Every entry below must be retyped exactly, and the pictures must be left out.

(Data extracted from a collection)
################

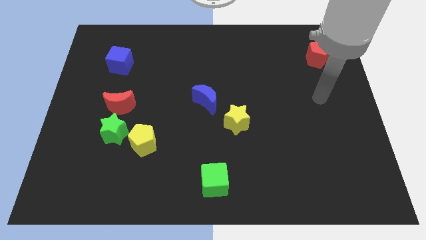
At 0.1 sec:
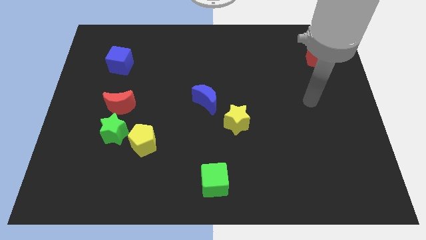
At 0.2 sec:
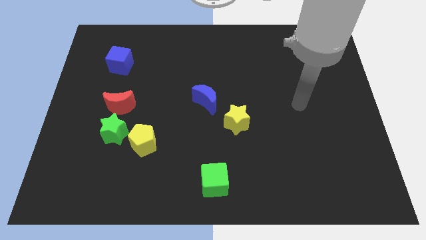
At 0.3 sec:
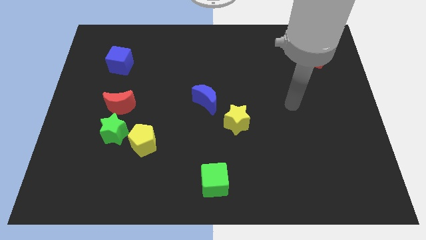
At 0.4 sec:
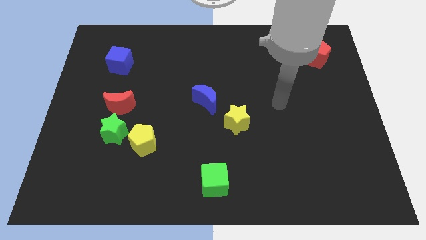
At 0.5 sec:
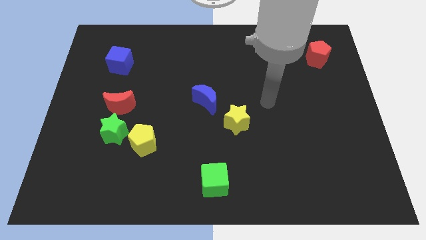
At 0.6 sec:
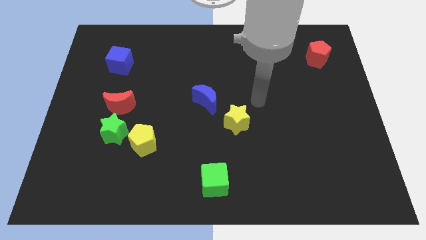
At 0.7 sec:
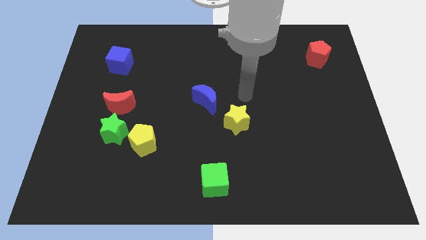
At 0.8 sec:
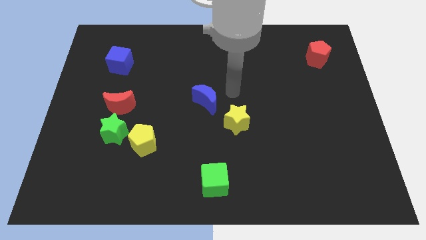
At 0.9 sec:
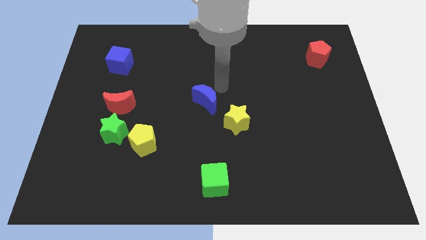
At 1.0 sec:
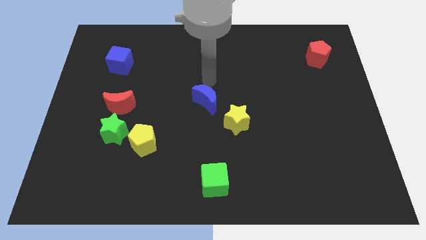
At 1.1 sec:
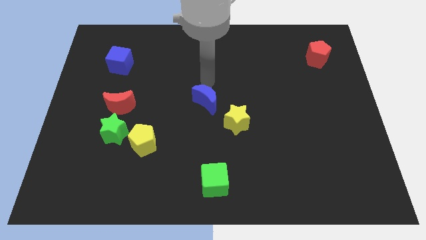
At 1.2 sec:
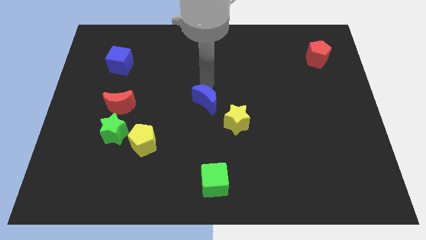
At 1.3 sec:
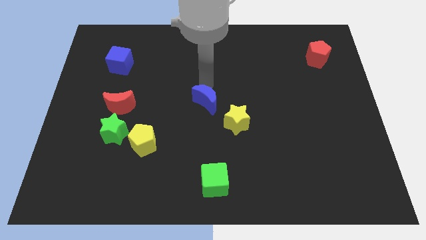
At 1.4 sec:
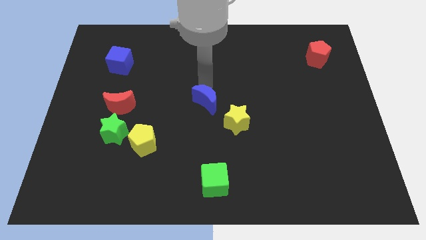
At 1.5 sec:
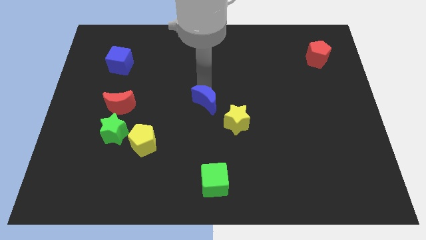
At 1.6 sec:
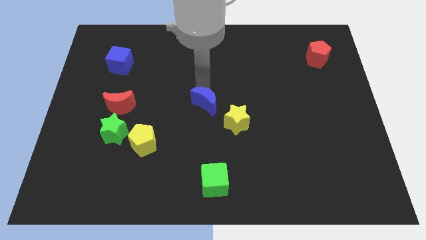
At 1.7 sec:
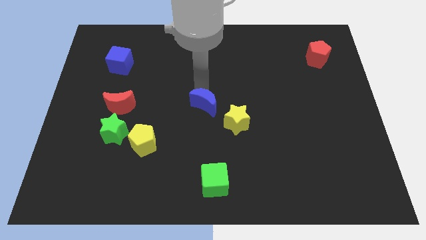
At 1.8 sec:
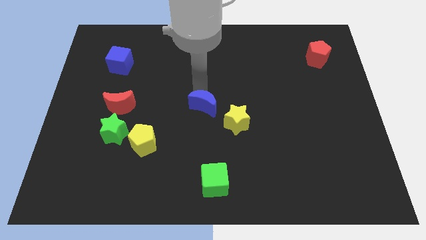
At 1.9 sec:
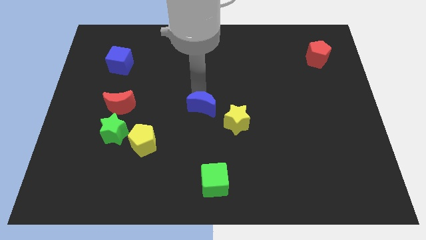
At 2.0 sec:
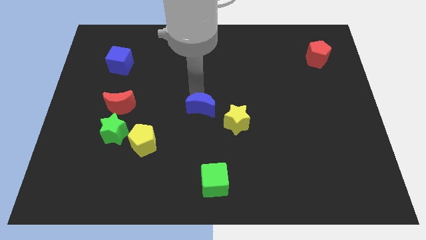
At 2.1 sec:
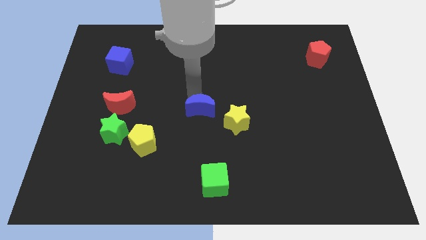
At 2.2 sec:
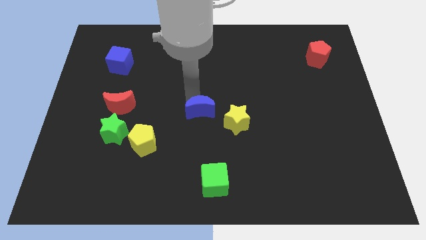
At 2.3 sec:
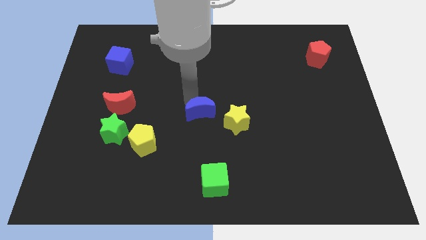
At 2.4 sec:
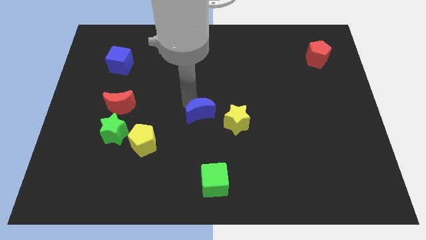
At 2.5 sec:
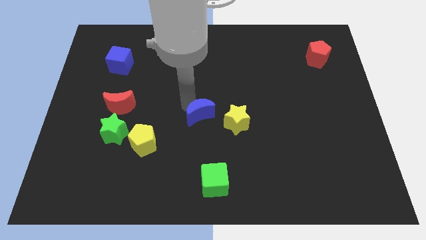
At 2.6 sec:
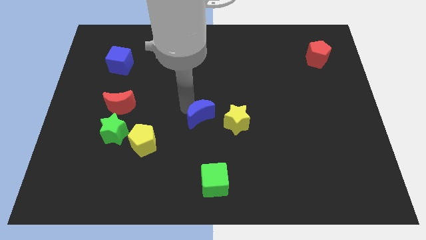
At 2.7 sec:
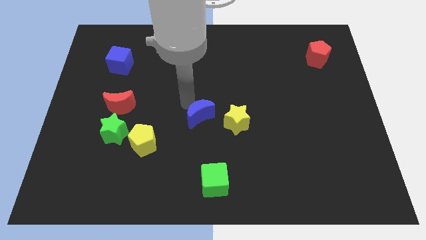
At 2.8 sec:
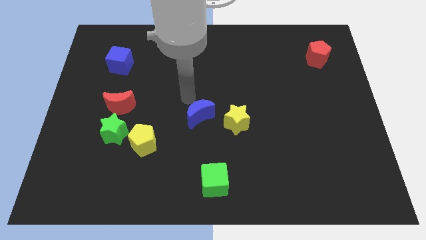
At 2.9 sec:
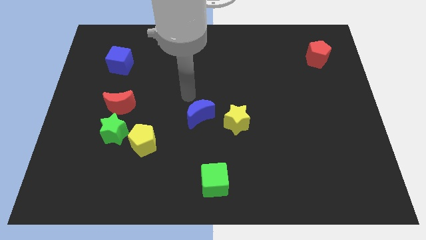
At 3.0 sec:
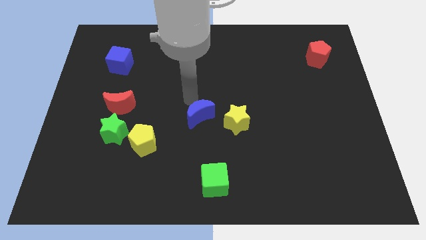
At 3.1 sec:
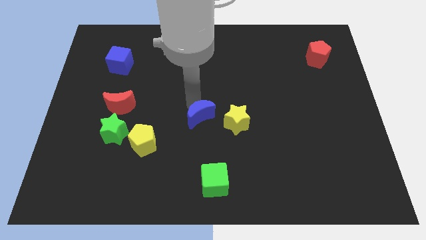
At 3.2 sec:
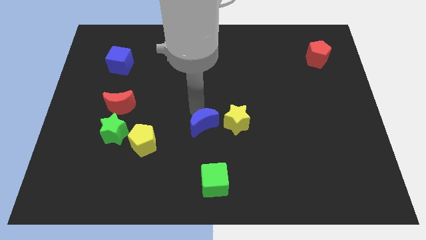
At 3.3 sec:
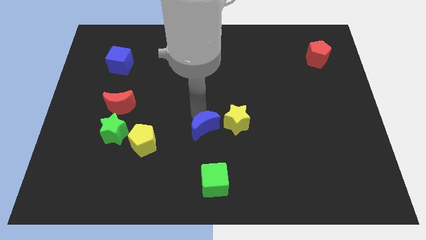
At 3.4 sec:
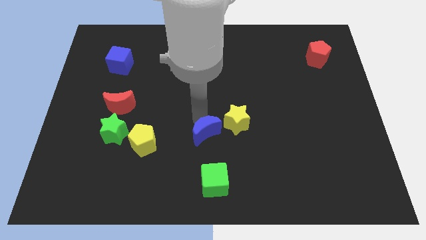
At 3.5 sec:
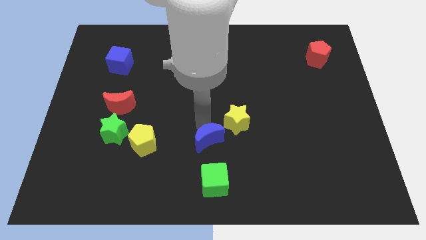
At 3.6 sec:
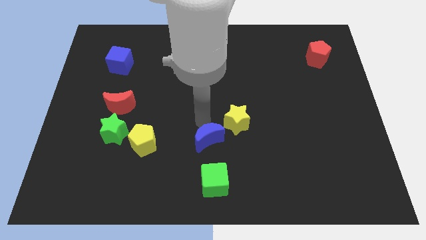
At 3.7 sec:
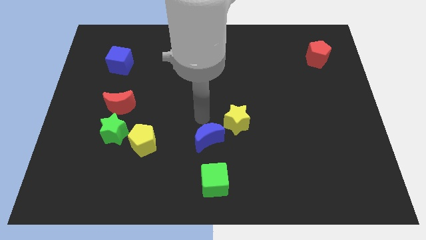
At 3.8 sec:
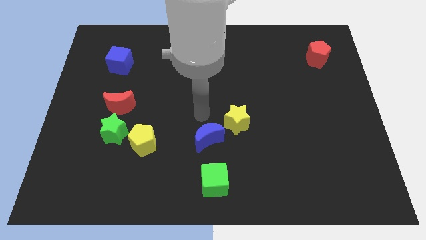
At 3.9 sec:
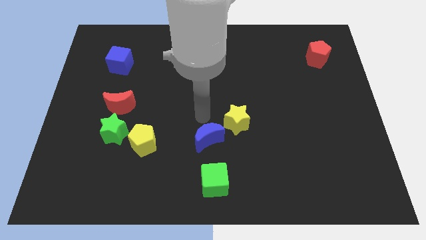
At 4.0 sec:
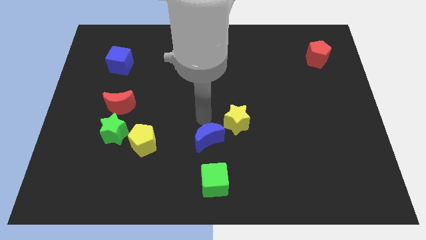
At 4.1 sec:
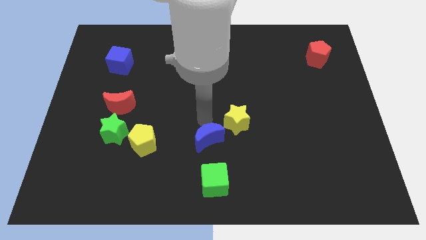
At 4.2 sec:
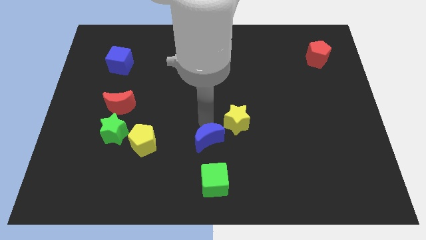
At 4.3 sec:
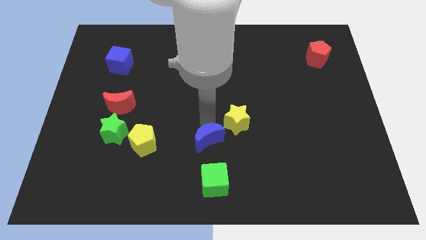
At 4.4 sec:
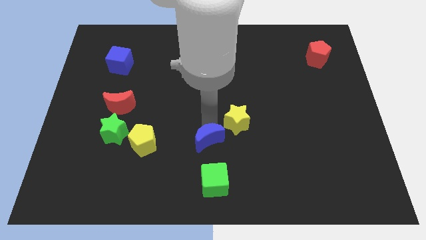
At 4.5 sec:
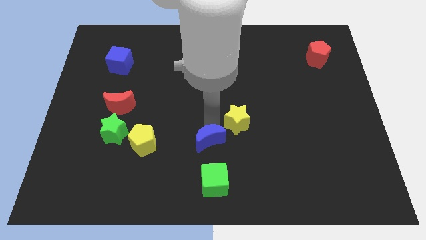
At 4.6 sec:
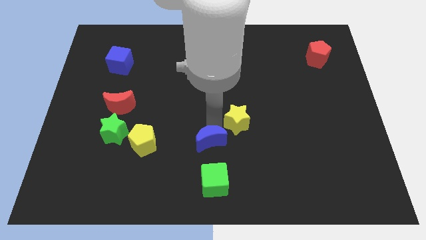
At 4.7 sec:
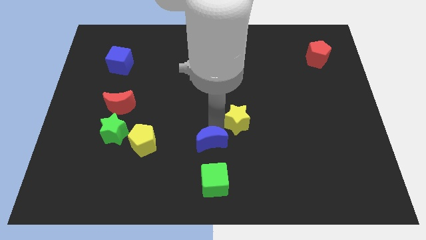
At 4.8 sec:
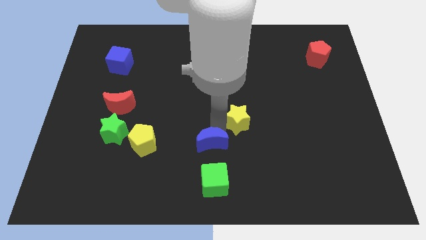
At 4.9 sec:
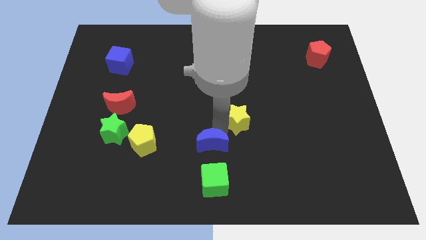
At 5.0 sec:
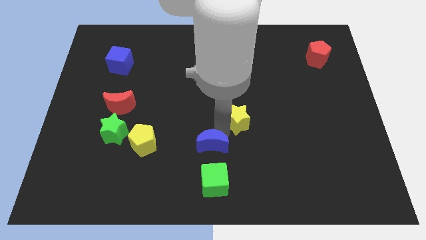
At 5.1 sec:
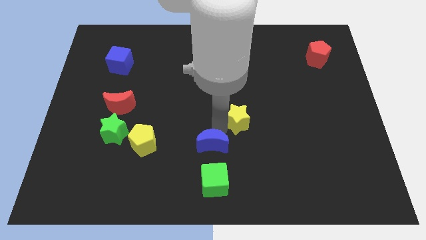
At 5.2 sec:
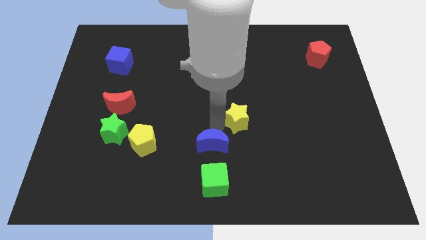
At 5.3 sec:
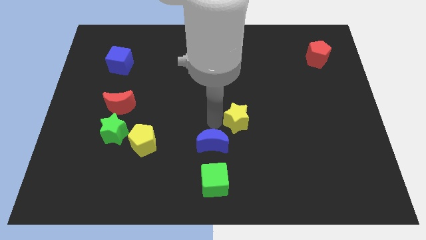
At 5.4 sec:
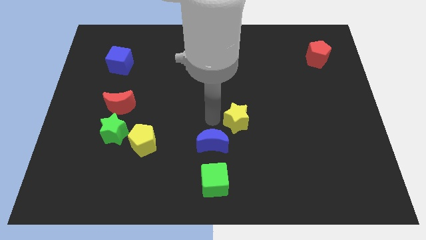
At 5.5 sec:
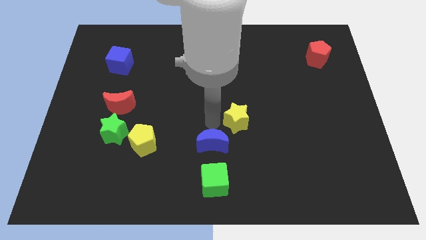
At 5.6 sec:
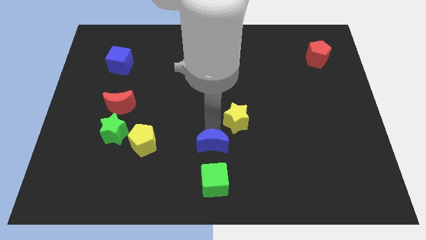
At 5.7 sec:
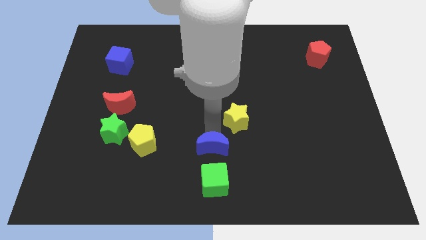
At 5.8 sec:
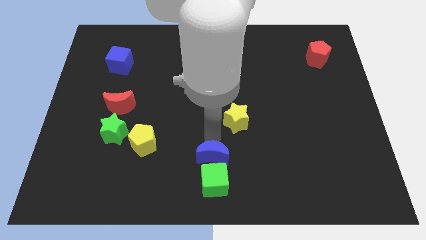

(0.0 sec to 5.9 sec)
slide the blue moon close to the green cube

################

> _Solution_
At 0.1 sec:
At 0.2 sec:
At 0.3 sec:
At 0.4 sec:
At 0.5 sec:
At 0.6 sec:
At 0.7 sec:
At 0.8 sec:
At 0.9 sec:
At 1.0 sec:
At 1.1 sec:
At 1.2 sec:
At 1.3 sec:
At 1.4 sec:
At 1.5 sec:
At 1.6 sec:
At 1.7 sec:
At 1.8 sec:
At 1.9 sec:
At 2.0 sec:
At 2.1 sec:
At 2.2 sec:
At 2.3 sec:
At 2.4 sec:
At 2.5 sec:
At 2.6 sec:
At 2.7 sec:
At 2.8 sec:
At 2.9 sec:
At 3.0 sec:
At 3.1 sec:
At 3.2 sec:
At 3.3 sec:
At 3.4 sec:
At 3.5 sec:
At 3.6 sec:
At 3.7 sec:
At 3.8 sec:
At 3.9 sec:
At 4.0 sec:
At 4.1 sec:
At 4.2 sec:
At 4.3 sec:
At 4.4 sec:
At 4.5 sec:
At 4.6 sec:
At 4.7 sec:
At 4.8 sec:
At 4.9 sec:
At 5.0 sec:
At 5.1 sec:
At 5.2 sec:
At 5.3 sec:
At 5.4 sec:
At 5.5 sec:
At 5.6 sec:
At 5.7 sec:
At 5.8 sec:

(0.0 sec to 5.9 sec)
slide the blue moon close to the green cube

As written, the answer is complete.